I recently discovered our SharePoint 2007 ULS log had multiple instances of this error:

“Unexpected query execution failure, error code 266. Additional error information from SQL Server is included below. “Transaction count after EXECUTE indicates that a COMMIT or ROLLBACK TRANSACTION statement is missing.”

After reviewing several iterations of this error, a pattern stood out; the names of several PDF documents were intertwined with the error message itself.  This error seemed confined to a single content type (PDF) as other document types such as XLS were not mentioned.

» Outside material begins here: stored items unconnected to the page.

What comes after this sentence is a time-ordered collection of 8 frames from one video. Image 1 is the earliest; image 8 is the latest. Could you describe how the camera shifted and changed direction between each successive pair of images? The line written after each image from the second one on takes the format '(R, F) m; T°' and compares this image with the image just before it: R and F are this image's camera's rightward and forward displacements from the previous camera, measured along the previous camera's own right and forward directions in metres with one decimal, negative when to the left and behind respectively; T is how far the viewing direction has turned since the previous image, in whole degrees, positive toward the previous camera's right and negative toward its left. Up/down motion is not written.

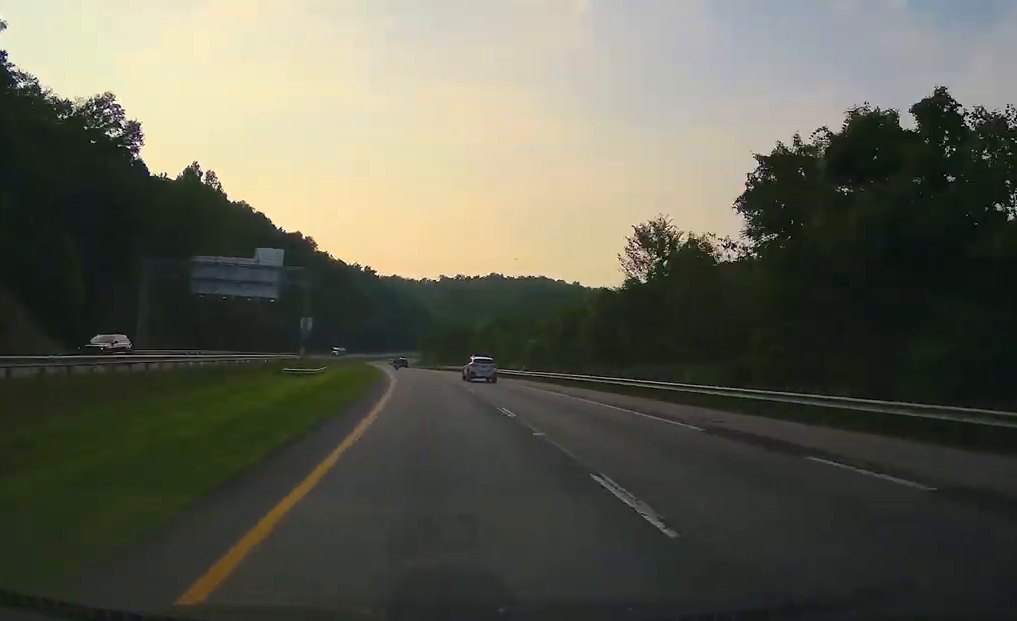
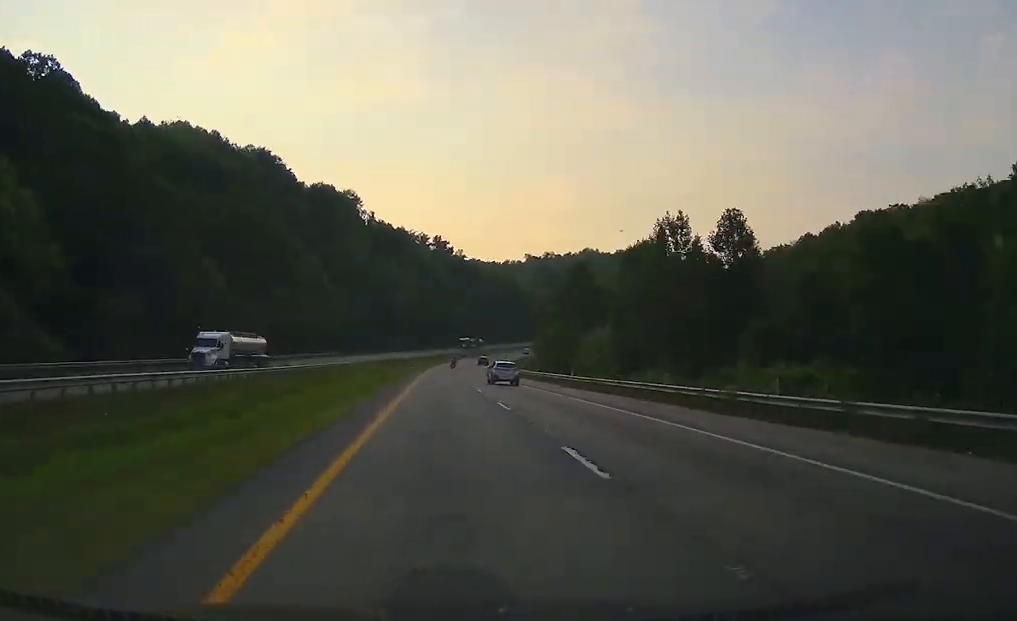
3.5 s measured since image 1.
(-7.4, +106.0) m; -2°
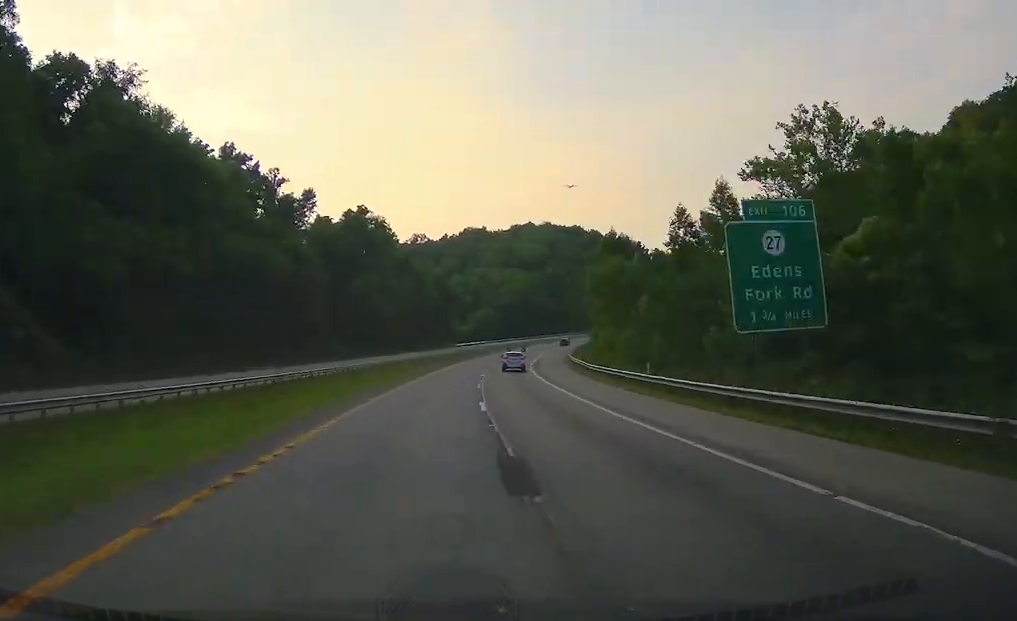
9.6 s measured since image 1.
(+15.9, +186.6) m; +16°
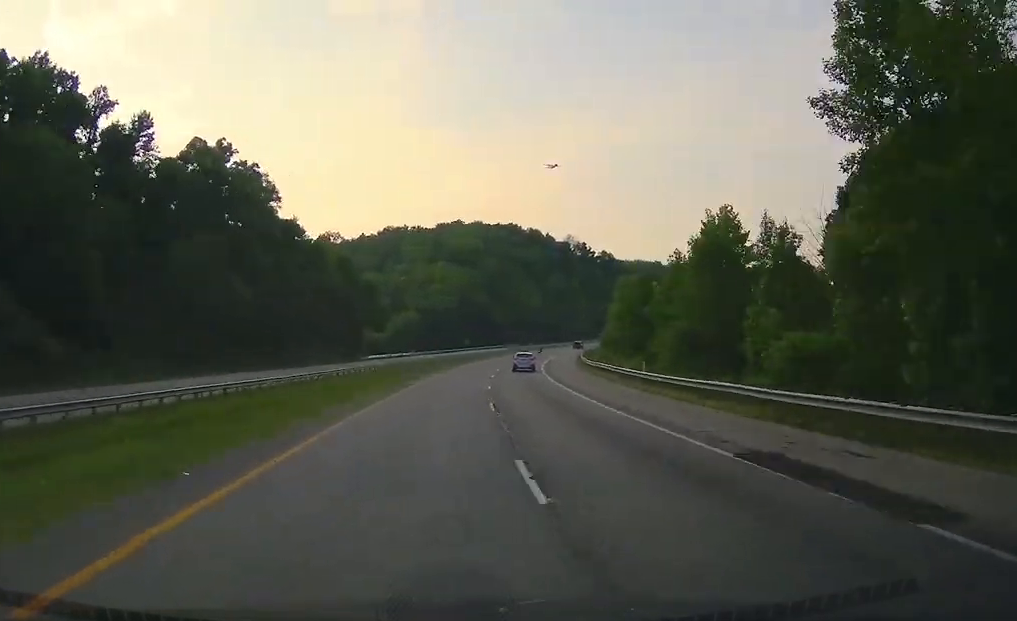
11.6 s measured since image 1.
(+5.1, +60.8) m; +7°
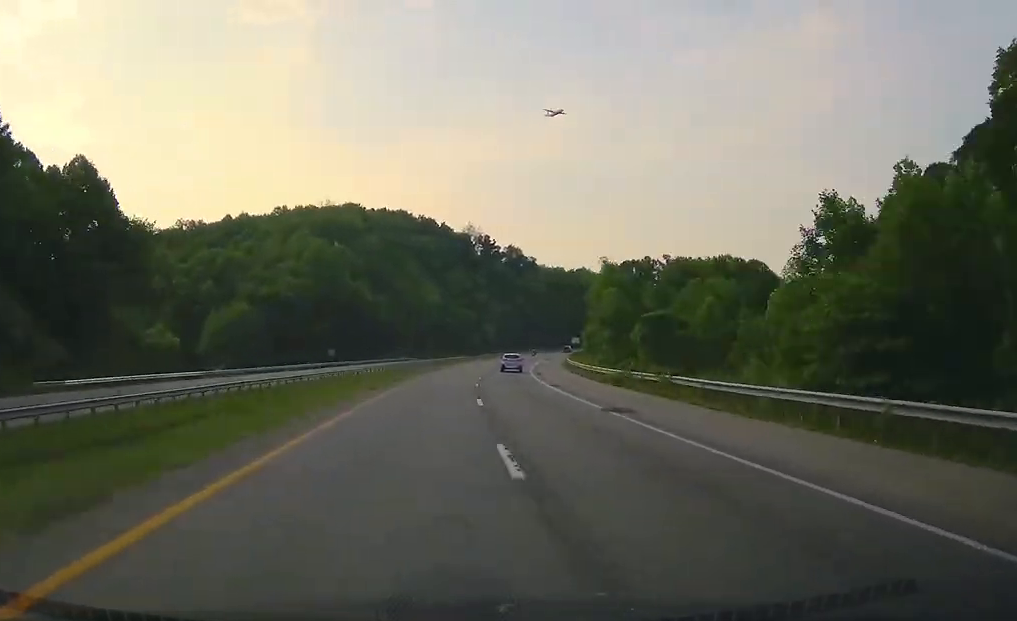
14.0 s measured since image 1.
(+4.0, +73.6) m; +9°
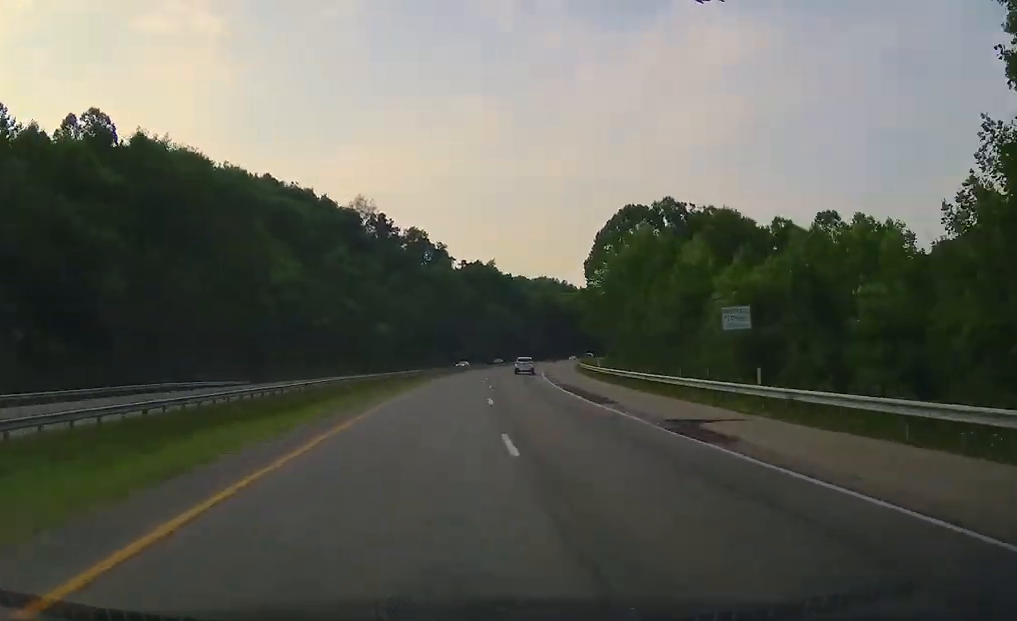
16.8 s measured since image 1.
(+9.8, +85.4) m; +10°
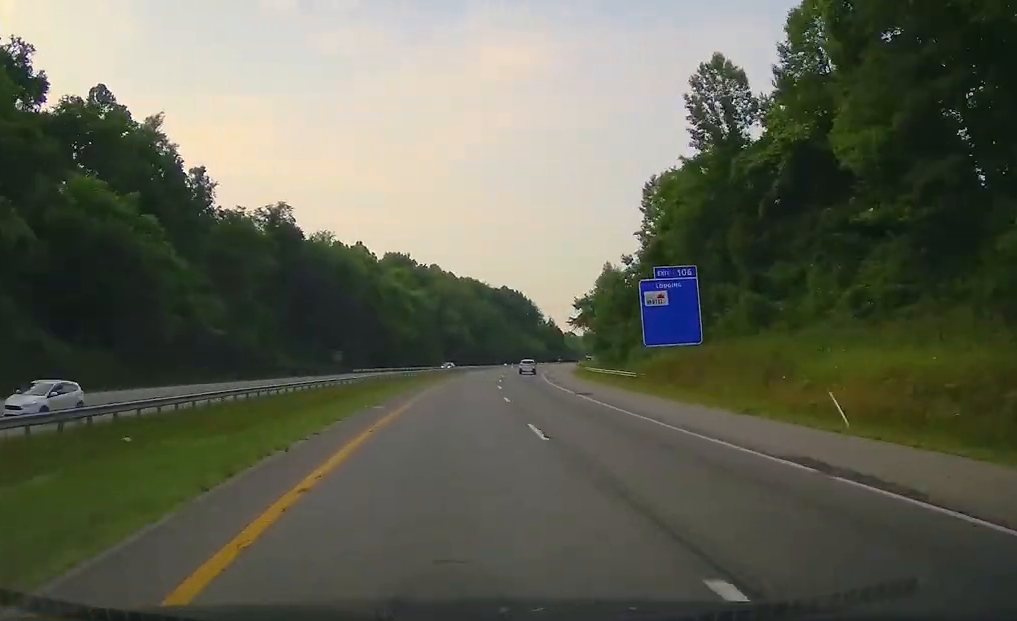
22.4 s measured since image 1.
(+27.8, +172.9) m; +20°
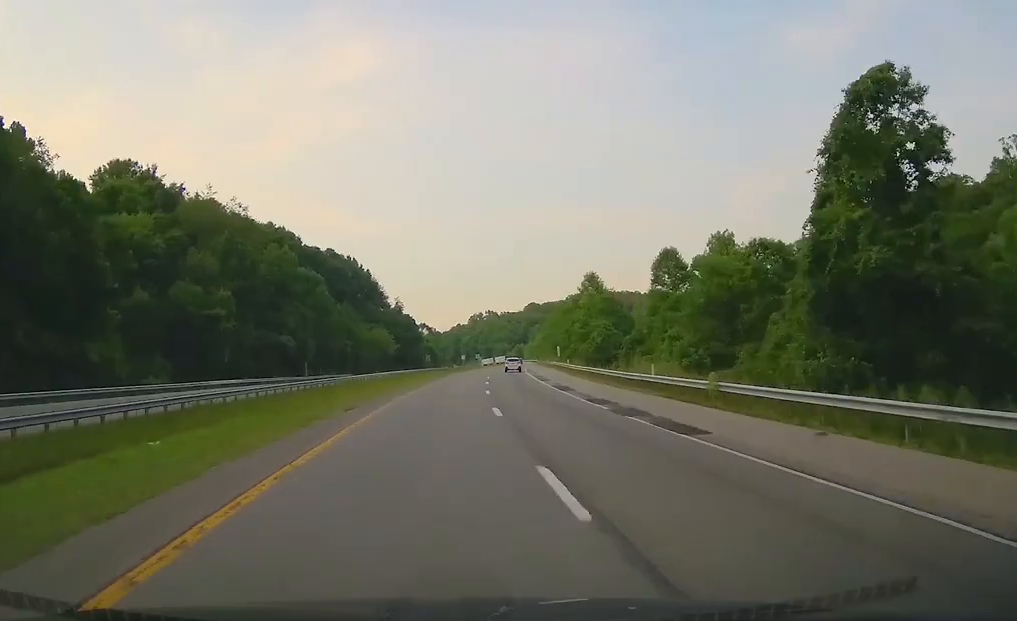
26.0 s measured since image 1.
(+13.4, +118.5) m; +9°

This was a clue, given that PDF files are not indexed by default in SharePoint, but require extra configuration. I turned my attention to the Search service.

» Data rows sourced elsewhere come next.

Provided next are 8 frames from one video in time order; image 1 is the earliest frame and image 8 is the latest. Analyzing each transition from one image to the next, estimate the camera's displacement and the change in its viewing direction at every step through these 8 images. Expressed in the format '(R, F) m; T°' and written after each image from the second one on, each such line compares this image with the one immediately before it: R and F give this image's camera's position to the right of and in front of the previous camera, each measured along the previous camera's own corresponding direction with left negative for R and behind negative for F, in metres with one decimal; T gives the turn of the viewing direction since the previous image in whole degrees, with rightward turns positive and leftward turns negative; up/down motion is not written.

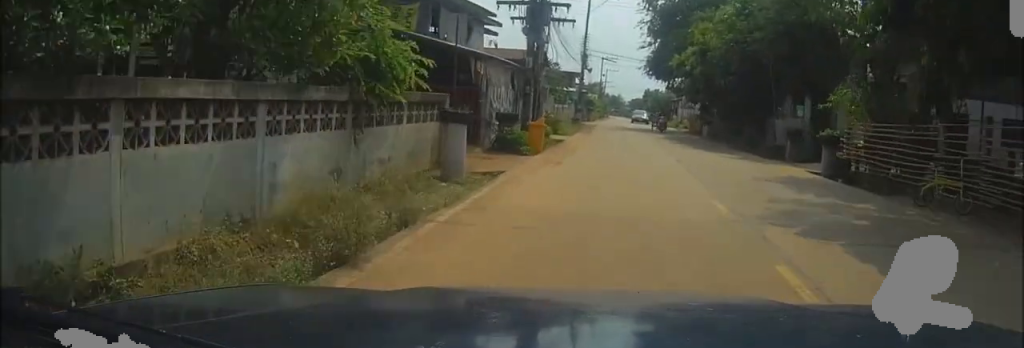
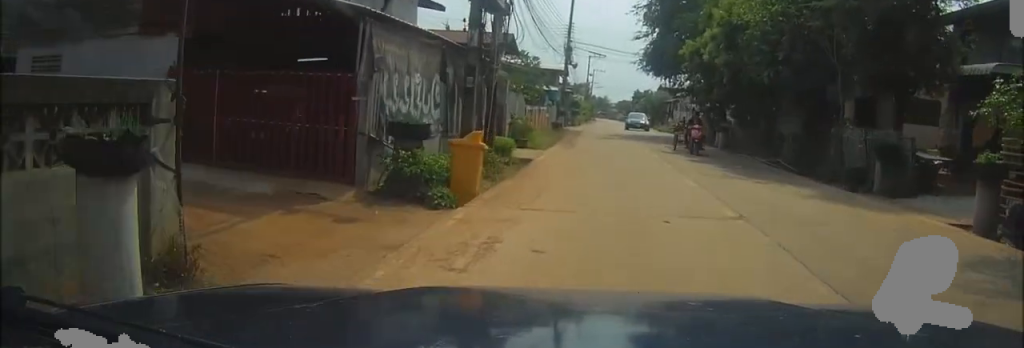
(+0.2, +8.6) m; +1°
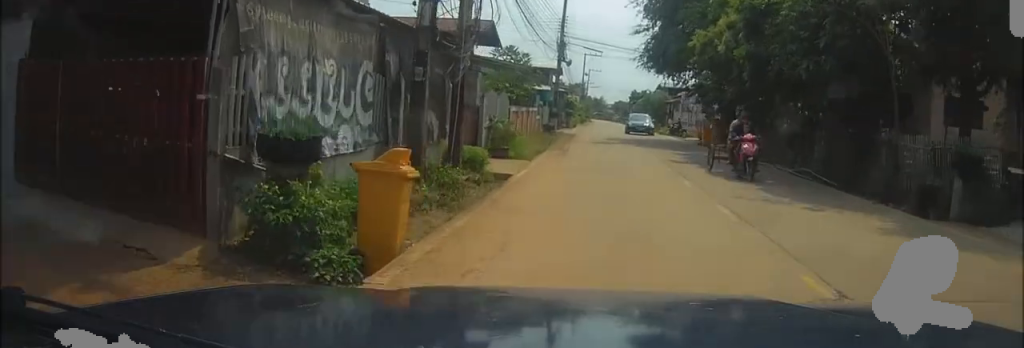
(0.0, +3.8) m; 0°
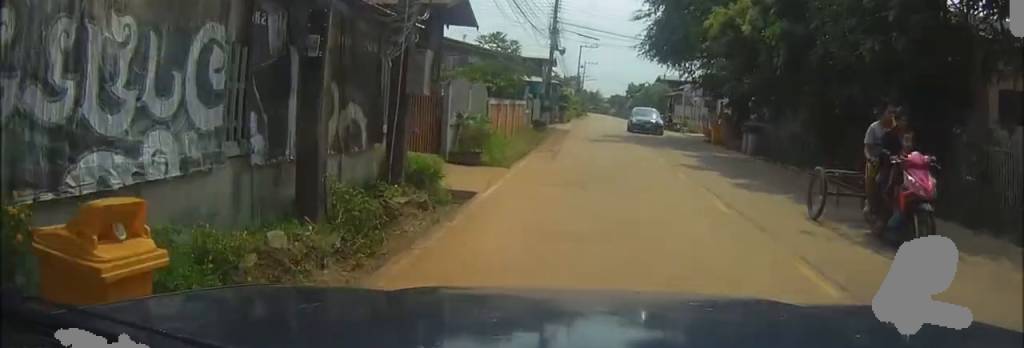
(0.0, +3.8) m; +1°
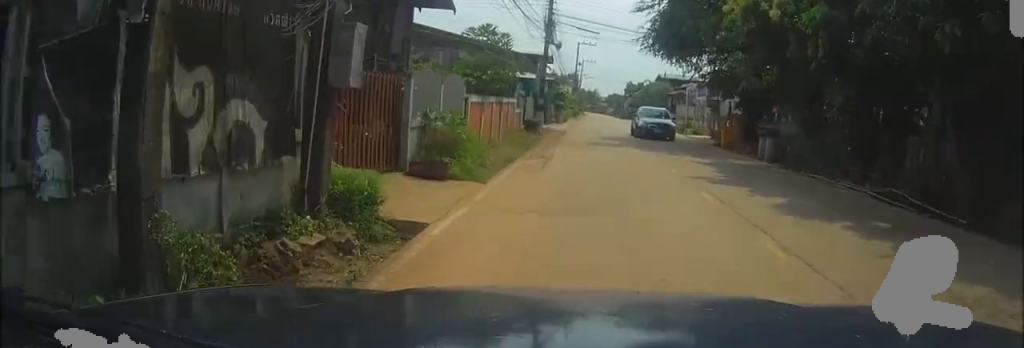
(0.0, +2.8) m; 0°
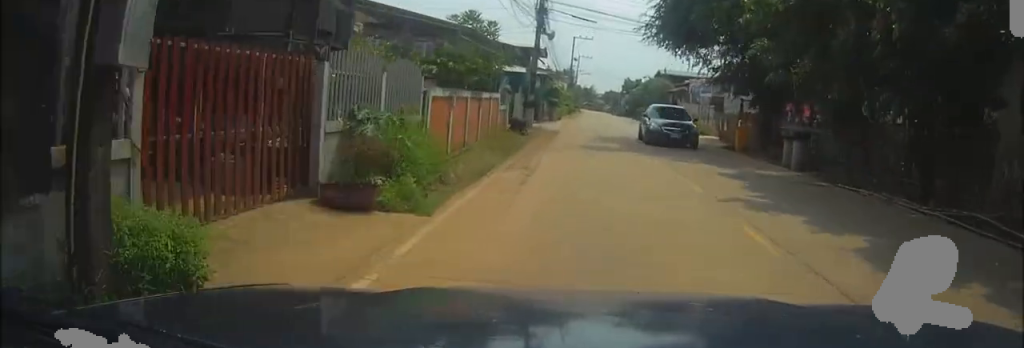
(+0.1, +3.5) m; +1°
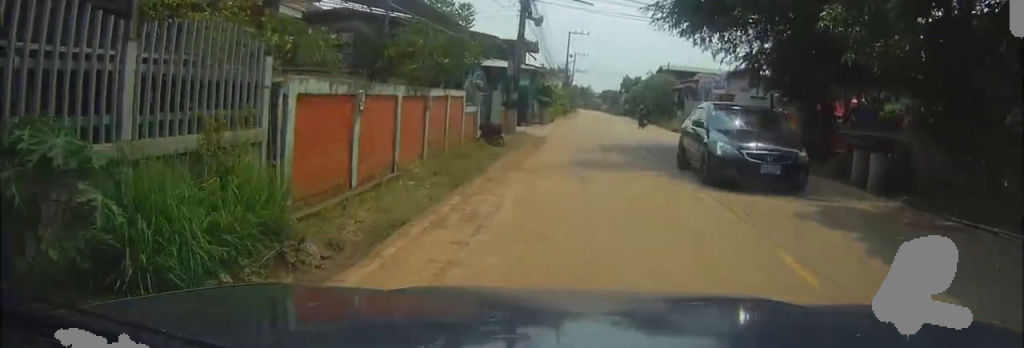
(+0.1, +5.4) m; +1°
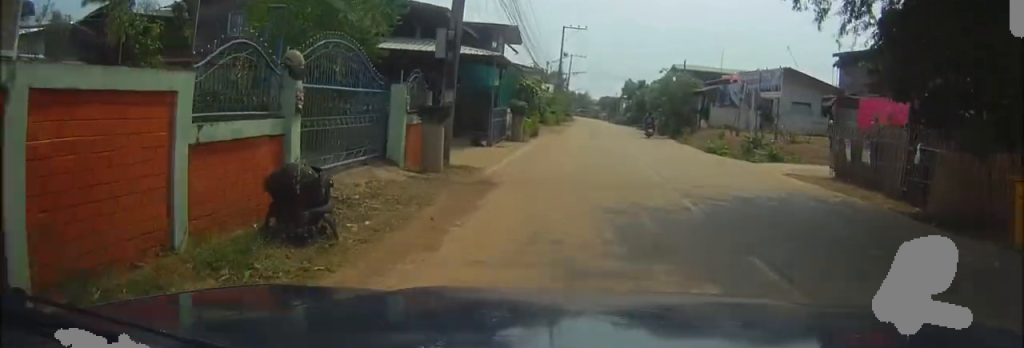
(0.0, +11.6) m; -1°

As this was a WSS server, I opened regedit and navigated to the registry key for the  .PDF iFilter:  HKEY_LOCAL_MACHINESOFTWAREMicrosoftShared ToolsWeb Server Extensions12.0SearchSetupContentIndexCommonFiltersExtension

The value of this registry key was {4C904448-74A9-11D0-AF6E-00C04FD8DC02}, which is the GUID for Adobe PDF IFilter 6.  Since we only had the Adobe 9.x version installed, I changed this value to the GUID for the 9.x iFilter:  {E8978DA6-047F-4E3D-9C78-CDBE46041603}.  I then stopped the search service with the “net stop spsearch” command, and restarted it with “net start spsearch” to ensure the registry change was picked up.

After this change, the error disappeared from the ULS log, and the 9.x iFilter was able to successfully index the PDF content.